Magnetic-Field-Independent Ultrasonic Dispersions in the Magnetically Robust Heavy Fermion System SmOs4Sb12

TL;DR

This study reveals magnetic-field-independent ultrasonic dispersions in SmOs4Sb12, suggesting a magnetically insensitive heavy fermion state linked to a novel local charge degree of freedom, with implications for understanding heavy fermion systems.

Contribution

It reports the discovery of magnetic-field-independent ultrasonic dispersions in SmOs4Sb12 and links these to a possible local charge degree of freedom in heavy fermion systems.

Findings

Ultrasonic dispersions at ~15 K and ~53 K follow Debye-type behavior.

Dispersions remain unchanged under magnetic fields up to 10 T.

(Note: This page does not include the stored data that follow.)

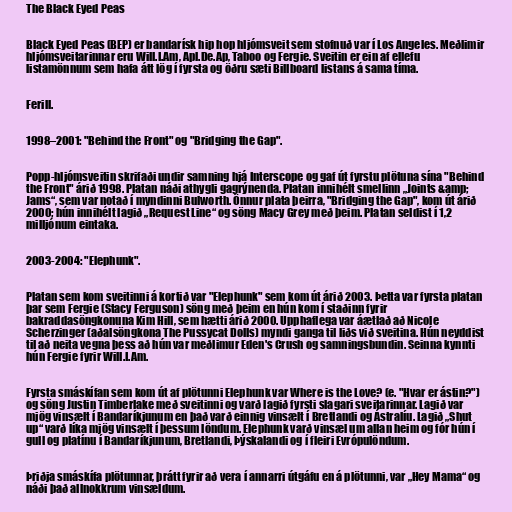
The Black Eyed Peas

Black Eyed Peas (BEP) er bandarísk hip hop hljómsveit sem stofnuð var í Los Angeles. Meðlimir
hljómsveitarinnar eru Will.I.Am, Apl.De.Ap, Taboo og Fergie. Sveitin er ein af ellefu
listamönnum sem hafa átt lög í fyrsta og öðru sæti Billboard listans á sama tíma.

Ferill.

1998–2001: "Behind the Front" og "Bridging the Gap".

Popp-hljómsveitin skrifaði undir samning hjá Interscope og gaf út fyrstu plötuna sína "Behind
the Front" árið 1998. Platan náði athygli gagrýnenda. Platan innihélt smellinn „Joints &amp;
Jams“, sem var notað í myndinni Bulworth. Önnur plata þeirra, "Bridging the Gap", kom út árið
2000; hún innihélt lagið „Request Line“ og söng Macy Grey með þeim. Platan seldist í 1,2
milljónum eintaka.

2003-2004: "Elephunk".

Platan sem kom sveitinni á kortið var "Elephunk" sem kom út árið 2003. Þetta var fyrsta platan
þar sem Fergie (Stacy Ferguson) söng með þeim en hún kom í staðinn fyrir
bakraddasöngkonuna Kim Hill, sem hætti árið 2000. Upphaflega var áætlað að Nicole
Scherzinger (aðalsöngkona The Pussycat Dolls) myndi ganga til liðs við sveitina. Hún neyddist
til að neita vegna þess að hún var meðlimur Eden's Crush og samningsbundin. Seinna kynnti
hún Fergie fyrir Will.I.Am.

Fyrsta smáskífan sem kom út af plötunni Elephunk var Where is the Love? (e. "Hvar er ástin?")
og söng Justin Timberlake með sveitinni og varð lagið fyrsti slagari sveitarinnar. Lagið var
mjög vinsælt í Bandaríkjunum en það varð einnig vinsælt í Bretlandi og Ástralíu. Lagið „Shut
up“ varð líka mjög vinsælt í þessum löndum. Elephunk varð vinsæl um allan heim og fór hún í
gull og platínu í Bandaríkjunum, Bretlandi, Þýskalandi og í fleiri Evrópulöndum.

Þriðja smáskífa plötunnar, þrátt fyrir að vera í annarri útgáfu en á plötunni, var „Hey Mama“ og
náði það allnokkrum vinsældum.
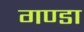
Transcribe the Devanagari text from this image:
गण्डा
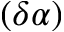
( \delta \alpha )
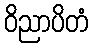
ဝိညာပိတံ
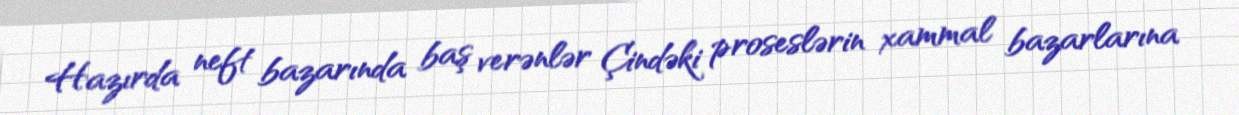
Hazırda neft bazarında baş verənlər Çindəki proseslərin xammal bazarlarına
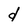
Character: d
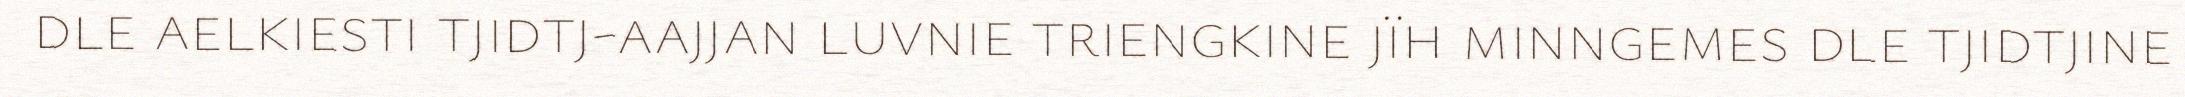
dle aelkiesti tjidtj-aajjan luvnie triengkine jïh minngemes dle tjidtjine
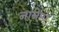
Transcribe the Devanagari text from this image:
नानेमो
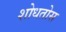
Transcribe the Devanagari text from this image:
शोधतोस
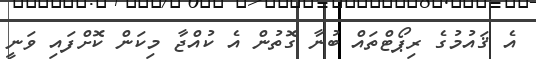
އެ ޤައުމުގެ ރިޕޯޓްތައް ބުނާ ގޮތުން އެ ކުއްޖާ މިކަން ކޮށްފައި ވަނީ
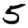
Digit: 5
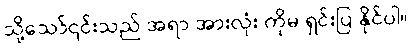
သို့သော်၎င်းသည် အရာ အားလုံး ကိုမ ရှင်းပြ နိုင်ပါ။
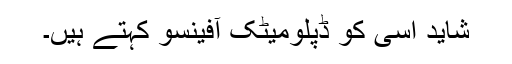
شاید اسی کو ڈپلومیٹک آفینسو کہتے ہیں۔
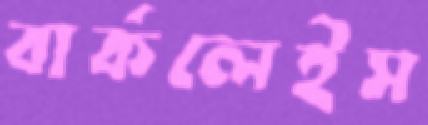
বার্কলেইস
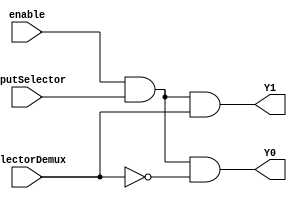
module demux_1_2 (
    input enable, selectorDemux,
    input [4:0]inputSelector,
    output [4:0] Y0,Y1
);

    assign Y0 = (enable & inputSelector &(~selectorDemux));
    assign Y1 = (enable & inputSelector & selectorDemux);
    
endmodule
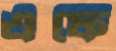
এফে
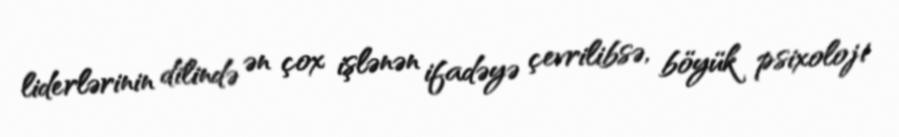
liderlərinin dilində ən çox işlənən ifadəyə çevrilibsə, böyük psixoloji
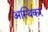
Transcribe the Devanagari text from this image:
अस्थिकर
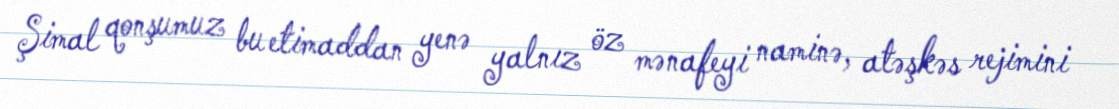
Şimal qonşumuz bu etimaddan yenə yalnız öz mənafeyi naminə, atəşkəs rejimini
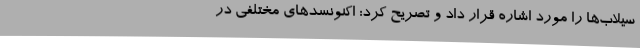
سیلاب‌ها را مورد اشاره قرار داد و تصریح کرد: اکنونسدهای مختلفی در
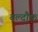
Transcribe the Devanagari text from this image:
बल्दौफ़
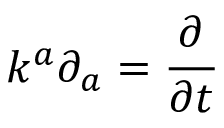
k ^ { a } \partial _ { a } = { \frac { \partial } { \partial t } }
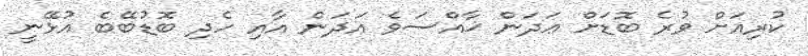
ކުރިއަށް ވުރެ ބޮޑަށް ޢަދަން ޚާއްސަވެ އަދަން އާއި ހެދި ބޮޑުބޭބެ އުޅޭނީ
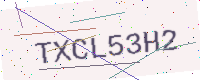
Text: TXCL53H2
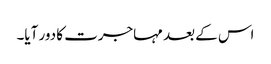
اس کے بعد مہاجرت کا دور آیا۔
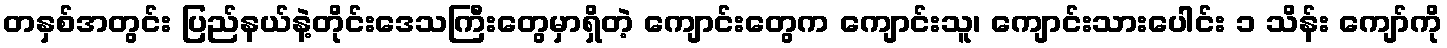
တနှစ်အတွင်း ပြည်နယ်နဲ့တိုင်းဒေသကြီးတွေမှာရှိတဲ့ ကျောင်းတွေက ကျောင်းသူ၊ ကျောင်းသားပေါင်း ၁ သိန်း ကျော်ကို
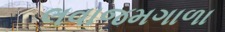
લવાજમગાળા
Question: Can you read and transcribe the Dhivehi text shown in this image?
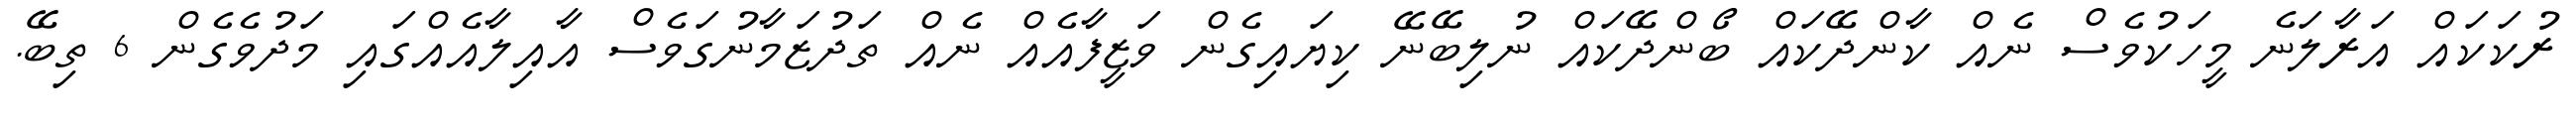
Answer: ރުކަކައް އަރާލަނެ މީހަކުވެސް ނެއް ކާންދޭކައް ބޯންދޭކައް ނުލިބޭނޭ ކިޔައިގެން ވަޒީފާއެއް ނެއް ތަދުޒަމާނުގަވެސް އާއިލާއެއްގައި މަދުވެގެން 6 ތިބޭ.
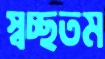
স্বচ্ছতম
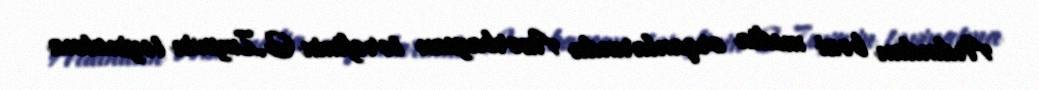
Ardından bəzi media orqanlarında Azərbaycan tərəfinin G.Zuyevin təyinatına
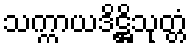
သက္ကာယဒိဋ္ဌိသုတ္တံ
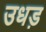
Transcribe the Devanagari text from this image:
उधड़
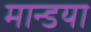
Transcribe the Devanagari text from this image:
मान्डया
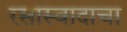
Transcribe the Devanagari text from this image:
रसास्वादाचा
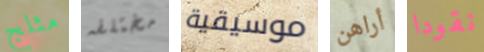
مثلج مختلفه موسيقية أراهن نقودا
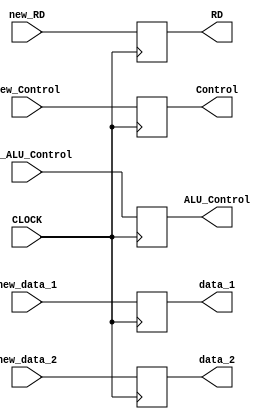
//ID_EX.v

module ID_EX(
	input wire CLOCK,
	input wire [31:0]new_data_1,
	input wire [31:0]new_data_2,
	input wire [4:0]new_RD,
	input wire [31:0]new_Control,
	input wire [4:0]new_ALU_Control,
	
	output reg [31:0]data_1,
	output reg [31:0]data_2,
	output reg [4:0]RD,
	output reg [31:0]Control,
	output reg [4:0]ALU_Control);
	
	always @(posedge CLOCK) begin
		RD <= new_RD;
		data_2 <= new_data_2;
		data_1 <= new_data_1;
		Control <= new_Control;
		ALU_Control <= new_ALU_Control;
	end
endmodule
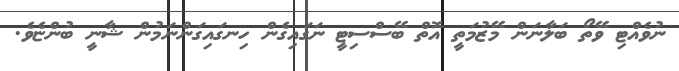
ނުވެއްޓި ވޭތޯ ބަލާނަން މޭޒުމަތީ އޮތް ބޭސްސިޓީ ނަގައިގެން ހިނގައިގަންނަމުން ޝާނީ ބުންޏެވެ.
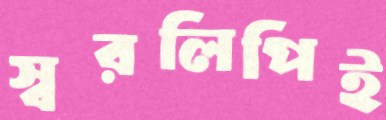
স্বরলিপিই
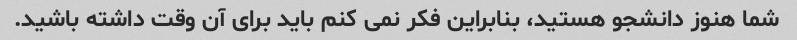
شما هنوز دانشجو هستید، بنابراین فکر نمی کنم باید برای آن وقت داشته باشید.
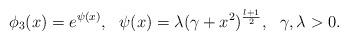
LaTeX: \begin{align*}\phi_3(x)=e^{\psi(x)},\ \ \psi(x)=\lambda(\gamma+x^2)^{\frac{l+1}2},\ \ \gamma,\lambda>0.\end{align*}
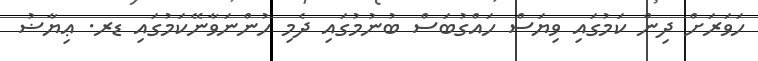
ހަވަރަށް ދިން ކަމުގައި ވިޔަސް ހައްގުބަސް ބުނުމުގައި ދެމި ހުންނަވާނޭކަމުގައި ޑރ. ޢިޔާޟު
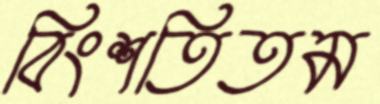
বিংশতিতম
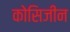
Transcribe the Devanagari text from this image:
कोसिजीन
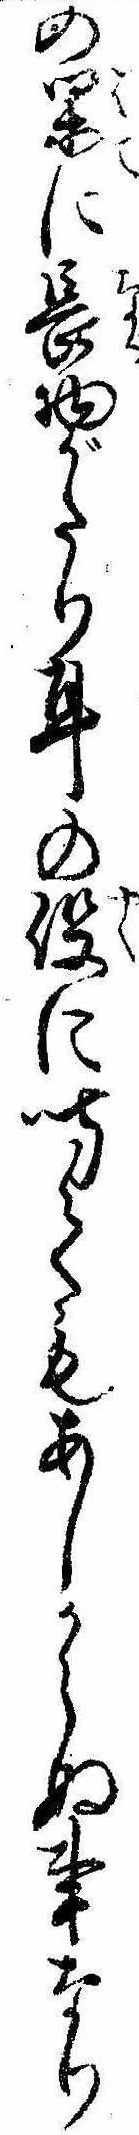
の果に長物がたり耳の役に聞てもあしからぬ事なり
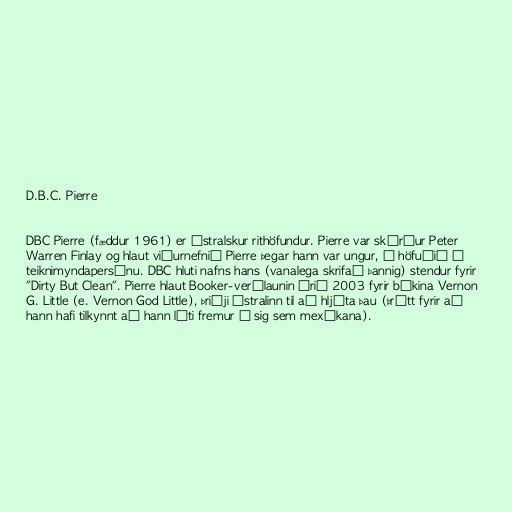
D.B.C. Pierre

DBC Pierre (fæddur 1961) er ástralskur rithöfundur. Pierre var skírður Peter
Warren Finlay og hlaut viðurnefnið Pierre þegar hann var ungur, í höfuðið á
teiknimyndapersónu. DBC hluti nafns hans (vanalega skrifað þannig) stendur fyrir
"Dirty But Clean". Pierre hlaut Booker-verðlaunin árið 2003 fyrir bókina Vernon
G. Little (e. Vernon God Little), þriðji ástralinn til að hljóta þau (þrátt fyrir að
hann hafi tilkynnt að hann líti fremur á sig sem mexíkana).
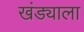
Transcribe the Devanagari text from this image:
खंड्याला
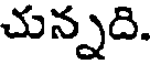
చున్నది.
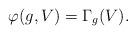
LaTeX: \begin{align*}\varphi(g, V)=\Gamma_g(V).\end{align*}
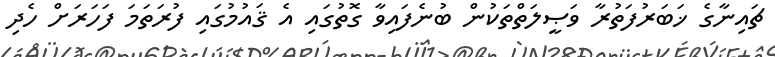
ޗައިނާގެ ޚަބަރުފަތުރާ ވަޞީލަތްތަކުން ބުނެފައިވާ ގޮތުގައި އެ ޤައުމުގައި ފުރަތަމަ ފަހަރަށް ހެދި
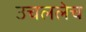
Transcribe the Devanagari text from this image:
उचललेच
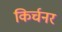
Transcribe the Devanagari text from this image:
किर्चनर
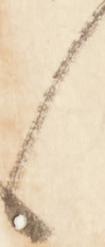
々

Activation energies are 105 K and 409 K, with the latter being the highest in Sb-based skutterudites.

Abstract

Elastic properties of the filled skutterudite compound SmOs$_4$Sb$_{12}$ have been investigated by ultrasonic measurements. The elastic constant $C_{11}(\omega)$ shows two ultrasonic dispersions at $\sim$15 K and $\sim$53 K for frequencies $\omega$ between 33 and 316 MHz, which follow a Debye-type formula with Arrhenius-type temperature-dependent relaxation times, and remain unchanged even with applied magnetic fields up to 10 T. The corresponding activation energies were estimated to be $E_2$ = 105 K and $E_1$ = 409 K, respectively. The latter, $E_1$, is the highest value reported so far in the Sb-based filled skutterudites. The presence of magnetically robust ultrasonic dispersions in SmOs$_4$Sb$_{12}$ implies a possibility that an emergence of a magnetically insensitive heavy fermion state in this system is associated with a novel local charge degree of freedom which causes the ultrasonic dispersion.